Eileen MaleyEileen Maley retired in July 2015 after working a total of 42 years for NCTE and serving over 15 years as the CCCC Convention Manager. Any CCCC Chair will tell you that Eileen helped to make every conference what it was, working tirelessly and with excellent humor behind the scenes. She was there to address every question, every idea, every concern—and with a smile and an excellent joke to top it all off.

Below are excerpts from messages sent by some recent CCCC Chairs who wanted to thank Eileen one last time.


 

Joyce CarterIf I can be considered the desk general of a military campaign, Eileen Maley was my best field marshal. I’d move a piece on the big map of the battlefield, and then, often much more quickly than I would have expected, she’d write me to say it was done.  The bridge was captured, the train depot secured, the supply lines beefed up.

That sort of big-picture-coupled-with-detailed-implementation relationship is what made Tampa work.  It’s what allowed me to dream and plan big, knowing that Eileen had the logistical experience to make those ideas happen.  She was a fabulous partner to my academic team and will be missed.

Joyce Carter

  

Howard TinbergUpon becoming program chair, I knew that I was in good hands when Eileen sent me a clear and full timeline of all my responsibilities and benchmarks.  Bless you for that, Eileen.  It was a life-saver.

My most vivid image of Eileen is of her walking the halls of the convention center, usually with Jacqui Biddle, the two of them, decked out in multiple badges, comfortable walking shoes—ready to head wherever they were needed:  a problem with tech,  a last minute mix-up in rooms, you name it they were on it.    Eileen was a pro’s pro:  unflappable, and able to find humor in just about anything.   And a glass of wine, she realized, would ease all the rest.   

Howard Tinberg

 

Chris AnsonPlanning a huge convention almost immediately after being elected into the Officer’s rotation is a deep-end-of-the-pool experience. A lot of helpful advice comes from past program chairs. But for me and so many other Assistant Chairs of CCCC, Eileen Maley was a godsend. It wasn’t just that she knew everything about what would happen, good and bad, before and during the convention—and how to plan for it—but that she made it all seem like it could be done without a loss of mind or spirit. Imagine sending off a panicked email about some forgotten detail or leaving a gaspy urgent phone message and then hearing back from Eileen in . . . five minutes. Every time. Eileen seemed to be everywhere. Nowhere was this more visible than at the convention itself, where at every turn of a hallway there she’d be, holding her pager and cell phone and a batch of papers, ready to ward off the next possible catastrophe. I kept wondering whether Eileen ever wound down and put the conference out of her mind and turned off her cell phone and pager and stopped worrying about a million small details. So I told her that the blues band we commissioned to play at the opening session was doing a gig at a nearby venue on Saturday of the convention and urged her to show up. I figured she’d be roaming the cavernous spaces of the convention center all evening. But I’d tried.

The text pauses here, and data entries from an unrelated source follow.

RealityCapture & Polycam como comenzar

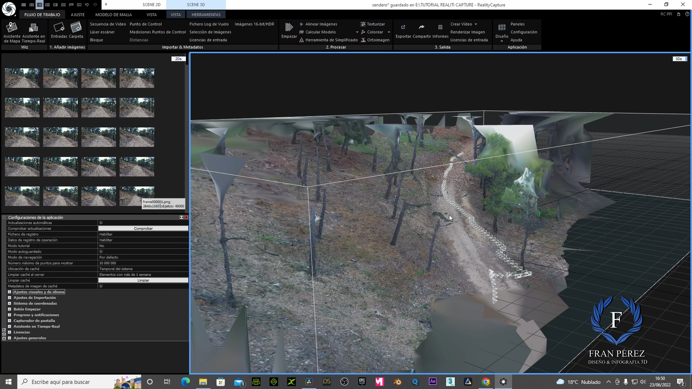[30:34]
Mirad qué tal ha quedado con ese dron, con esa iluminación, ¿vale? Es alucinante, de verdad, es alucinante. Qué calidad.
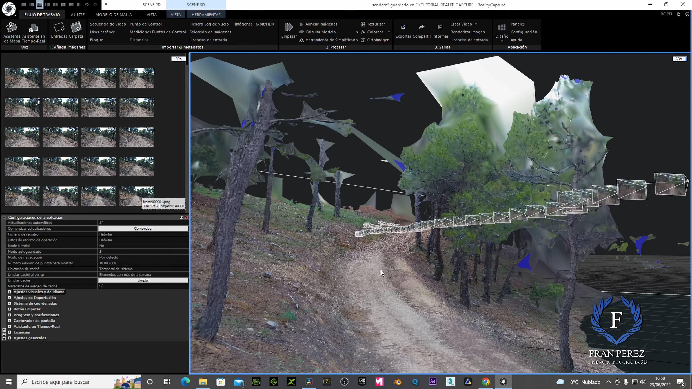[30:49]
con el Phantom 4 y la iluminación, para que veáis que también importa mucho la iluminación con la cual hagamos nuestros vídeos, ¿vale?
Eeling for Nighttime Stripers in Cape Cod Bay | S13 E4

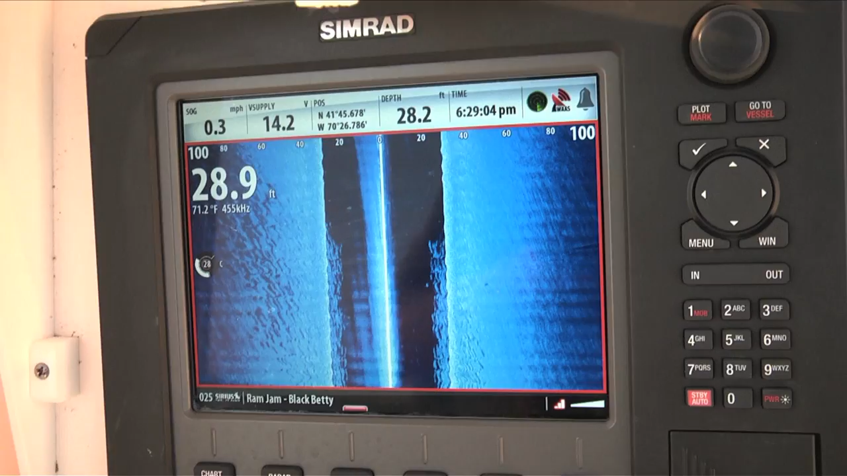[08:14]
On screen: water 71.2°F, speed 0.3 mph
Below us, there is a pile of fish on the screen. This guy's a little bit bigger. Ah, he's about the same size as you, Russ.
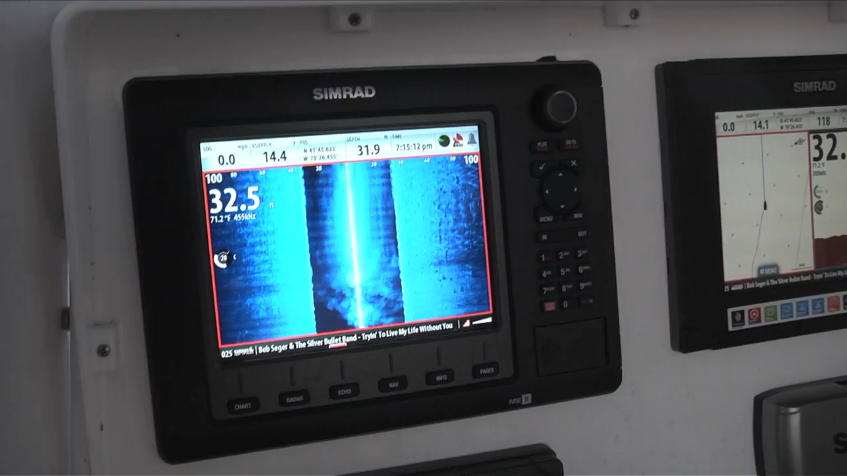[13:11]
On screen: water 71.2°F
One thing that we always hear is, oh, I have it. My screen doesn't look like that.
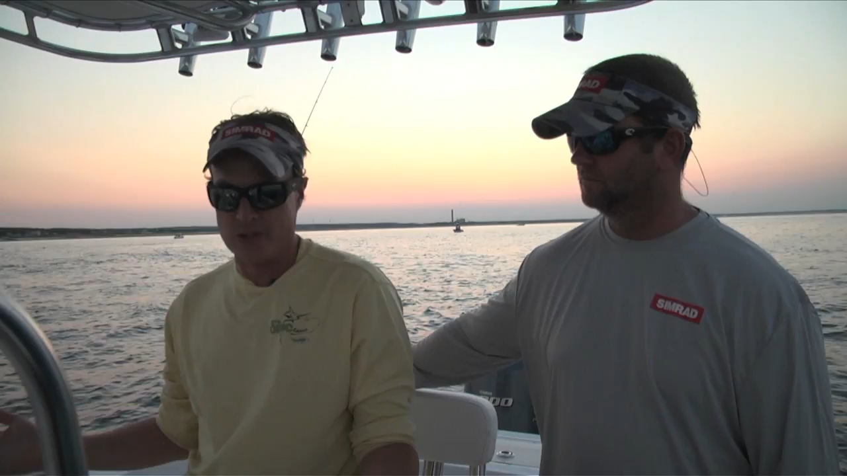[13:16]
I mean, they look at our demo files and, you know, we show pictures of rocks and submerged bridges and trees.
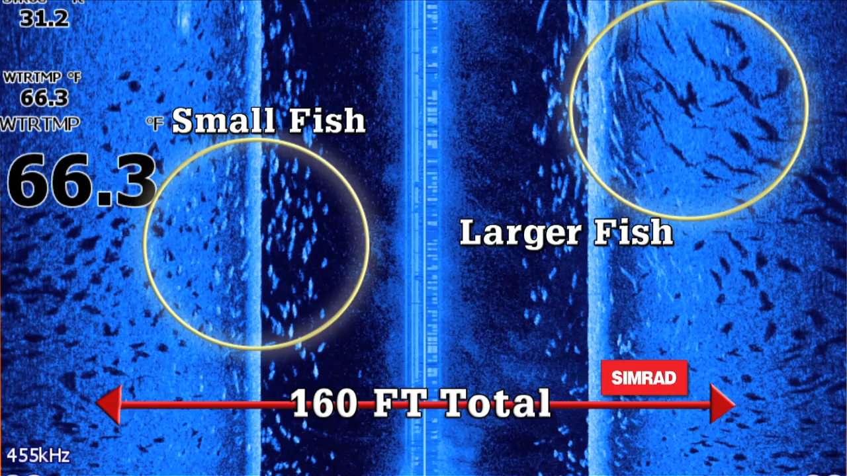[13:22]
On screen: water 66.3°F
The point that we always try to make is, yeah, StructureScan is great for identifying different sorts of structure.
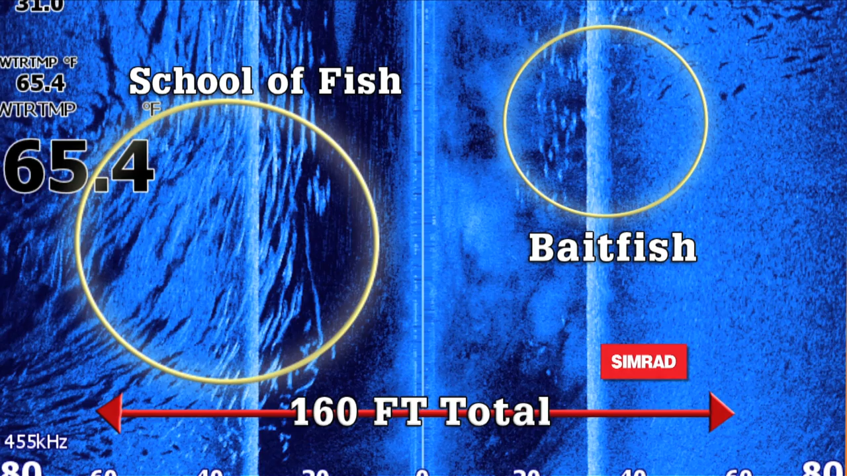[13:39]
On screen: water 65.4°F
We're using the StructureScan to find the stools of fish. That's basically how we use it here in the bay.
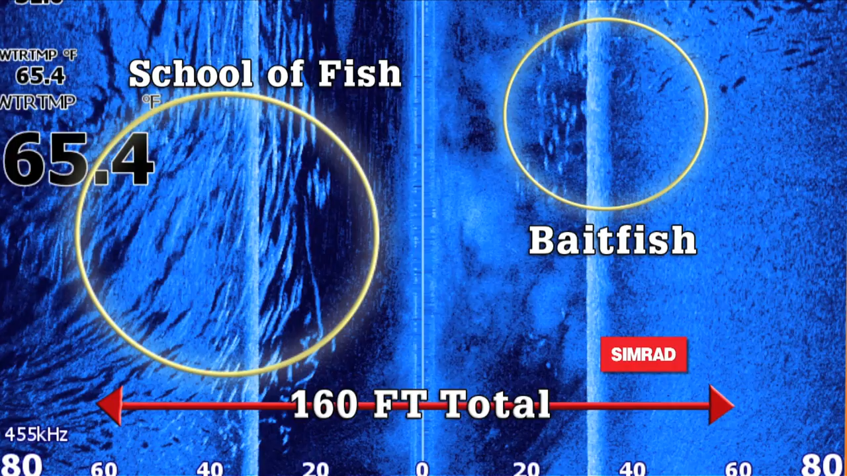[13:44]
On screen: water 65.4°F
When you have traditional sonar, whether it's ours or anyone else's, you're cutting a very small path underneath the boat where you can actually see fish.
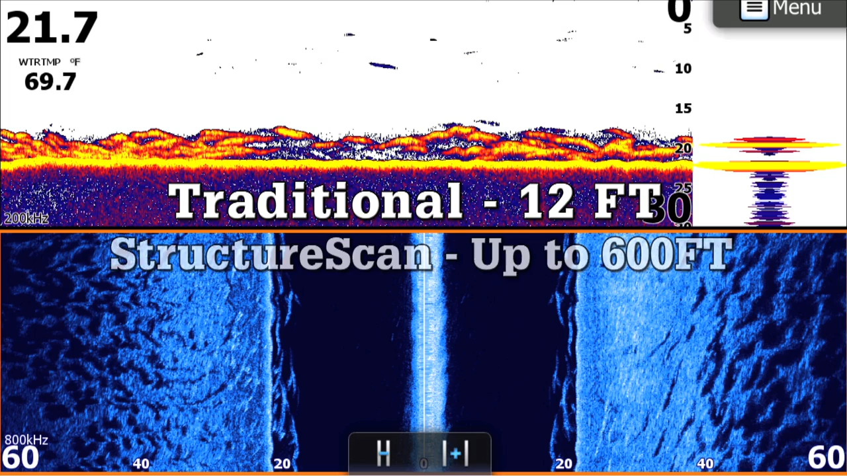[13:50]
On screen: water 69.7°F
StructureScan, you can go up to 300 feet on either side of the boat.
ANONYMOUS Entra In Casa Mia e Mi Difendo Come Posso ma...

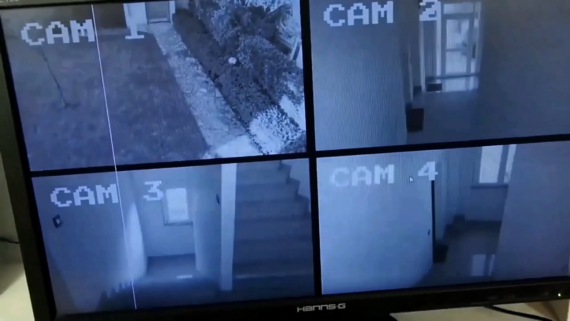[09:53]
Quindi ragazzi, guardate, cam 1, la 2, la 3 e la 4, sono state correttamente installate, e quindi il nostro sistema ora le sta rilevando. È importante sapere che queste cam hanno un rilevatore di movimento, e quindi qualsiasi persona,
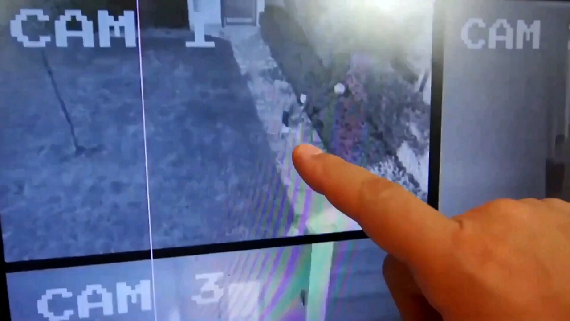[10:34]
Oh my God. È l'hacker. Sta entrando, guarda. Ma come ha fatto ad entrare da lì? È scapolcato, maledetto. Sì, eccolo. Eccolo lì. Maledetti. Cosa sta facendo? Beh, qua dovrà fermarsi, perché la porta è chiusa e blindata. Che fa? Ehi.
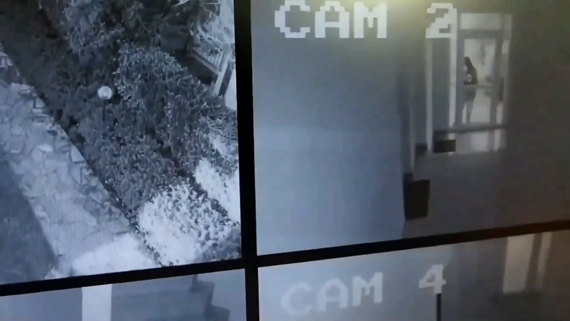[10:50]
Ma, non mi dire. Sta cercando di entrare. Sta cercando di entrare. Ma come ha fatto a rapire sta porta? Ehi, come possiamo? Ehi. Pazzesco. Che intenzione avrà? Guardalo, che tizzo.
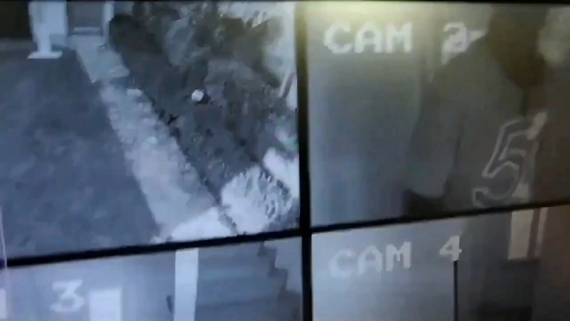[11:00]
Ma questo non ho mai visto, questo tipo di hacker. È molto strano. Cavolo. Sta saluto. È qua dietro.
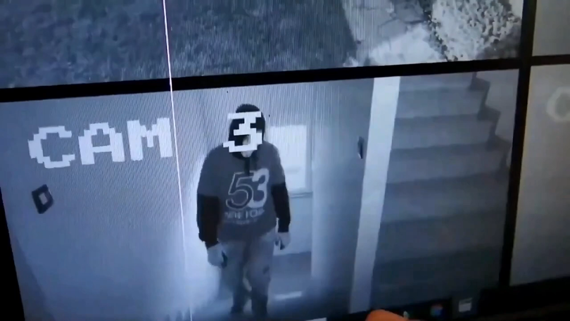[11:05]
È dietro la porta. Doviamo prepararci. Maledetti, è dietro la nostra porta.
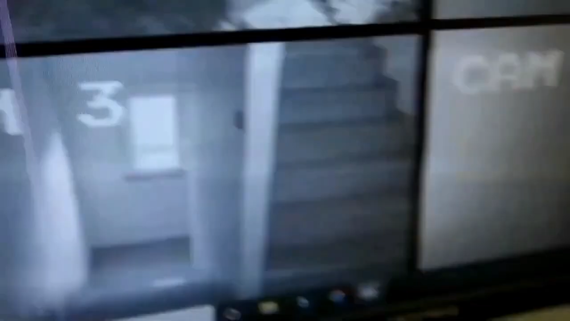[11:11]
Stavrà tolmetto delle gambe. Guardalo, guardalo. Stavrà tolmetto delle gambe. Sta prendo la porta, è sapendo la porta.

My family and I went to the blues club that night, and to my surprise and delight, there was Eileen with friends and family at a large table near the stage. We joined them, and for a couple of hours, we forgot about the convention, CCCC, and all the little glitches (that only Eileen was aware of anyway).

At 6:30 the next morning, she was starting all over again, cell phone and pager in hand. Thanks, Eileen, for all your years of service to our organization, and for your friendship and so-wise counsel. So many of us are in your debt.

Chris Anson

 

Marilyn ValentinoWhen CCCC wants a top-notch convention, who you gonna call?  Eileen.  If there’s something weird and it don’t look good, who you gonna call? Eileen.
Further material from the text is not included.